EXERCISE REQUIREMENTS - I need the lines from the one with "type: boreal forest" through the end of the material, copied exactly and with nothing else included.

● ● ●

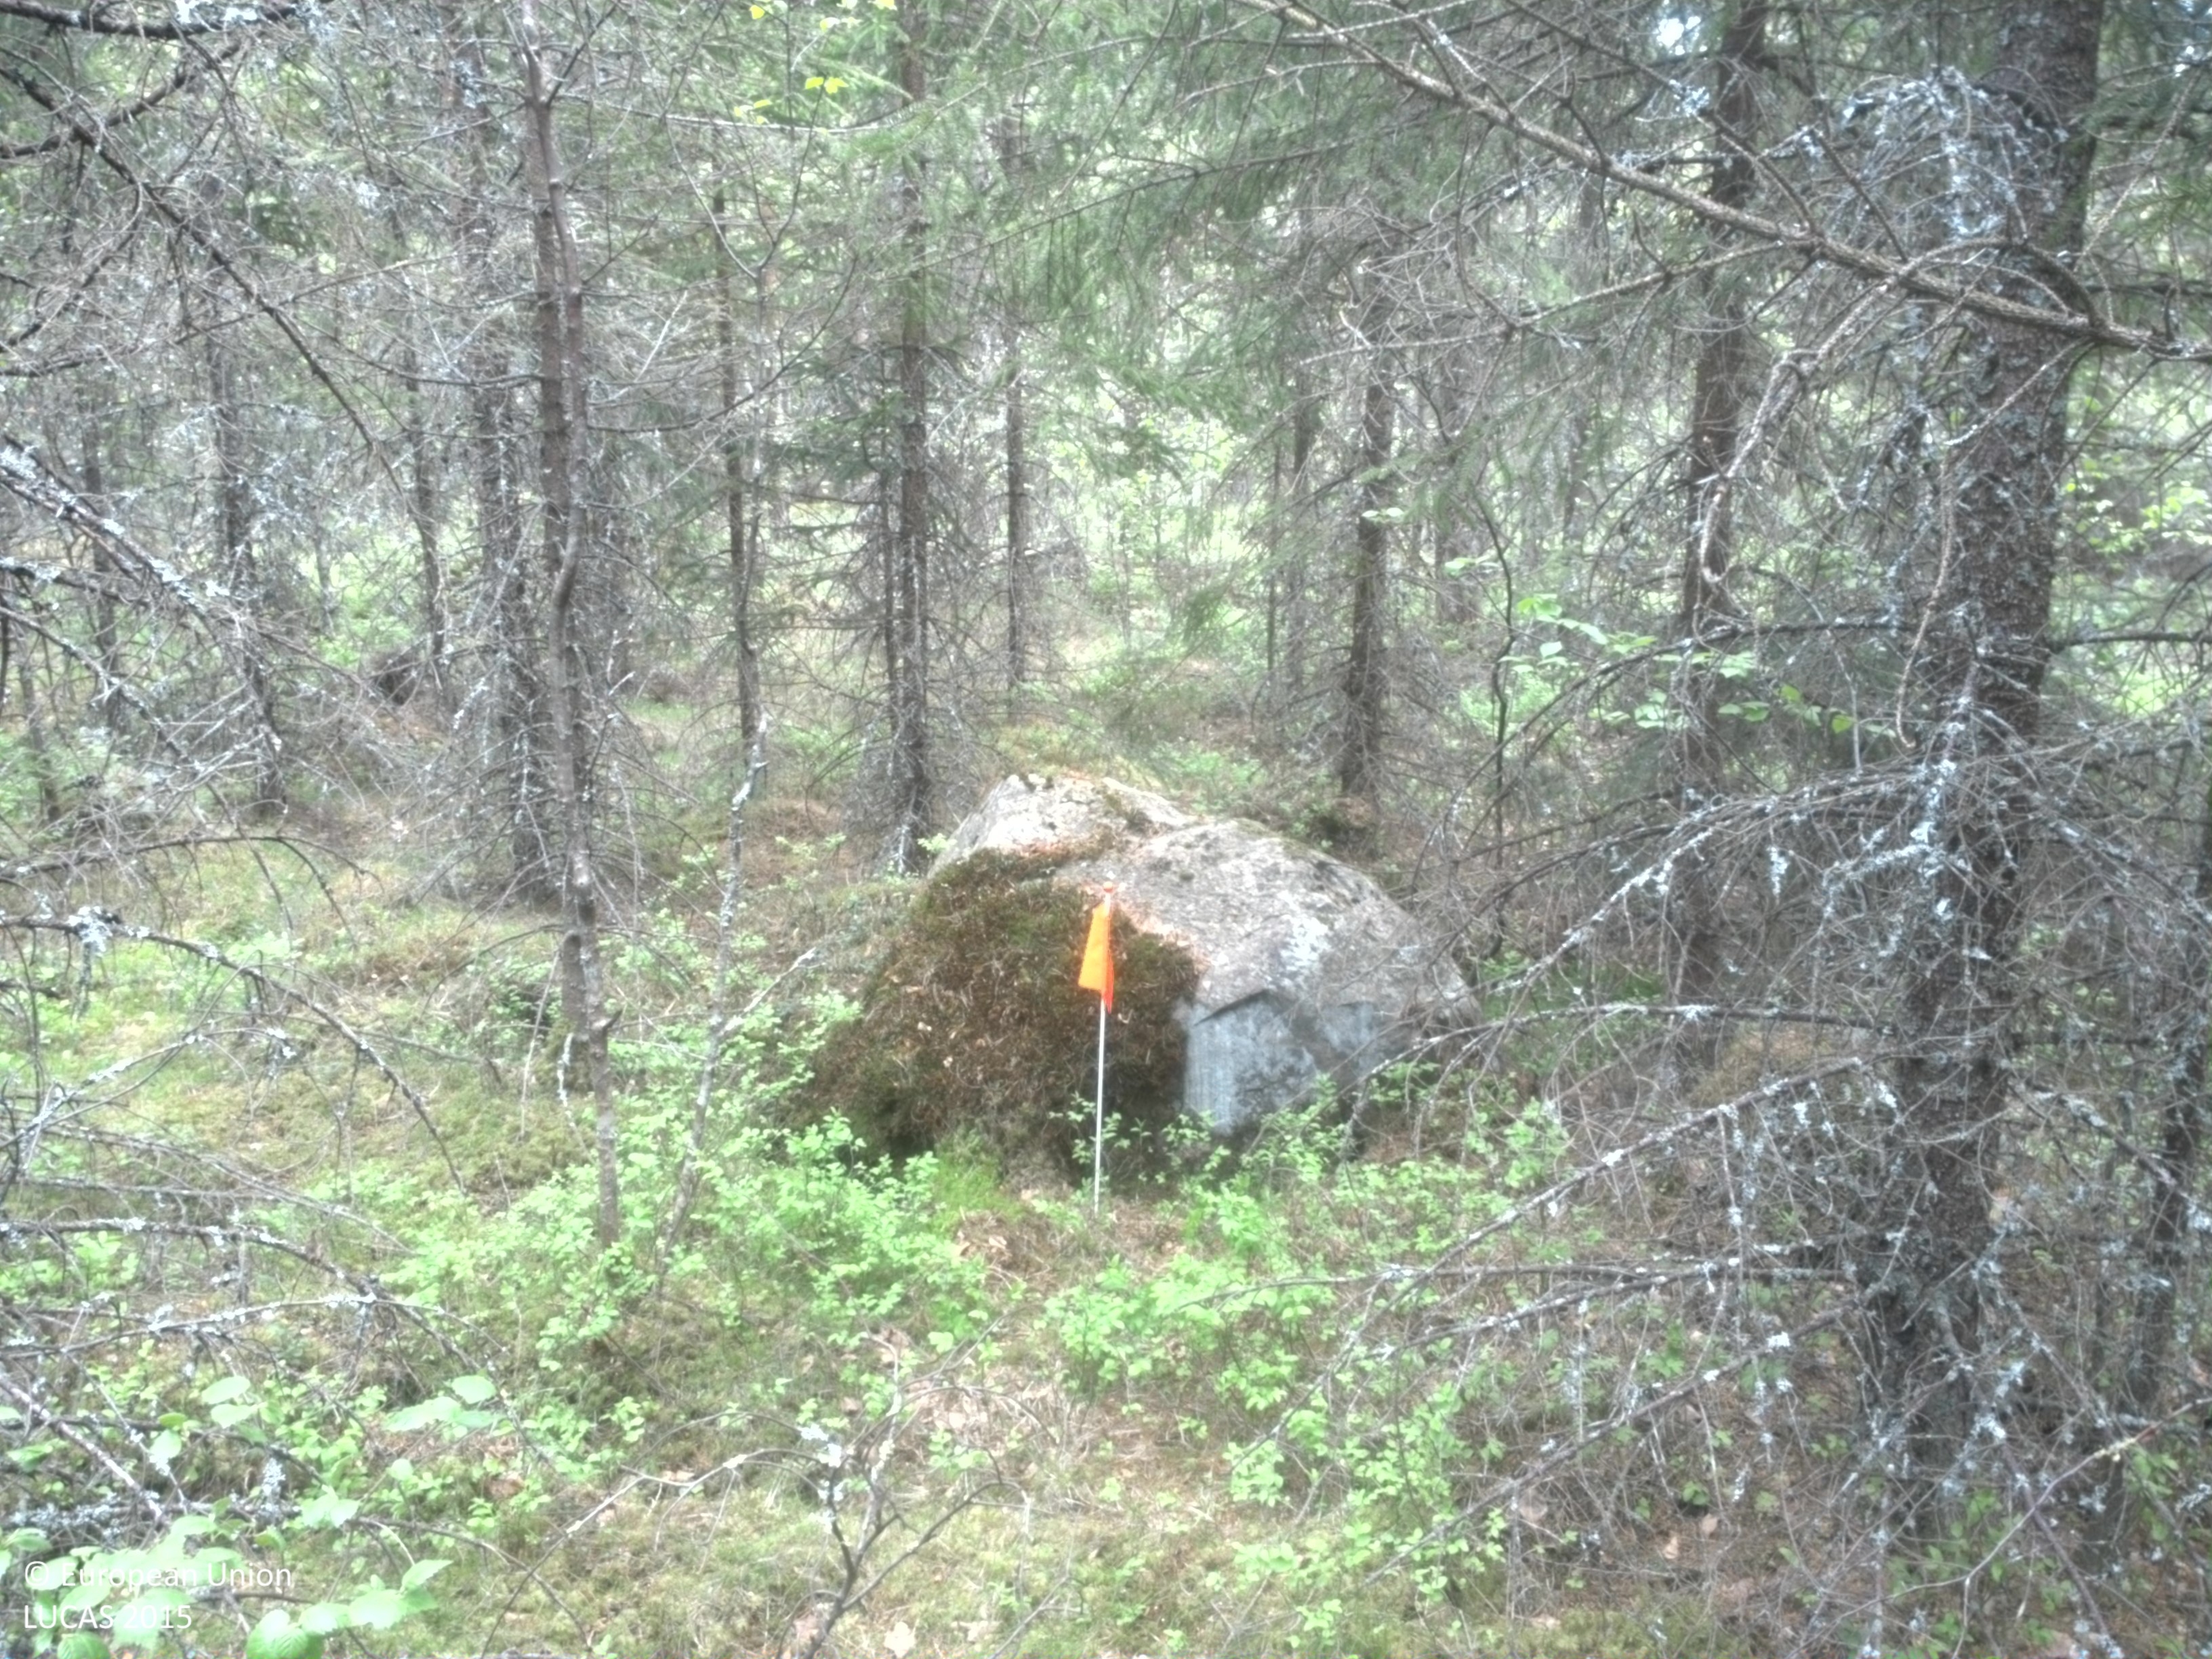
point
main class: Woodland
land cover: Spruce dominated coniferous woodland
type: boreal forest
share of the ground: > 75 %
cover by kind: coniferous forest trees 65 %, broadleaved forest trees 10 %, shrubs 10 %, lichens and mosses 10 %, herbaceous plants 5 %
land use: Forestry
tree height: > 5 m
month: June
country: SE
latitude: 59.5260
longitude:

● ● ●

SOLVED EXERCISE -
type: boreal forest
share of the ground: > 75 %
cover by kind: coniferous forest trees 65 %, broadleaved forest trees 10 %, shrubs 10 %, lichens and mosses 10 %, herbaceous plants 5 %
land use: Forestry
tree height: > 5 m
month: June
country: SE
latitude: 59.5260
longitude:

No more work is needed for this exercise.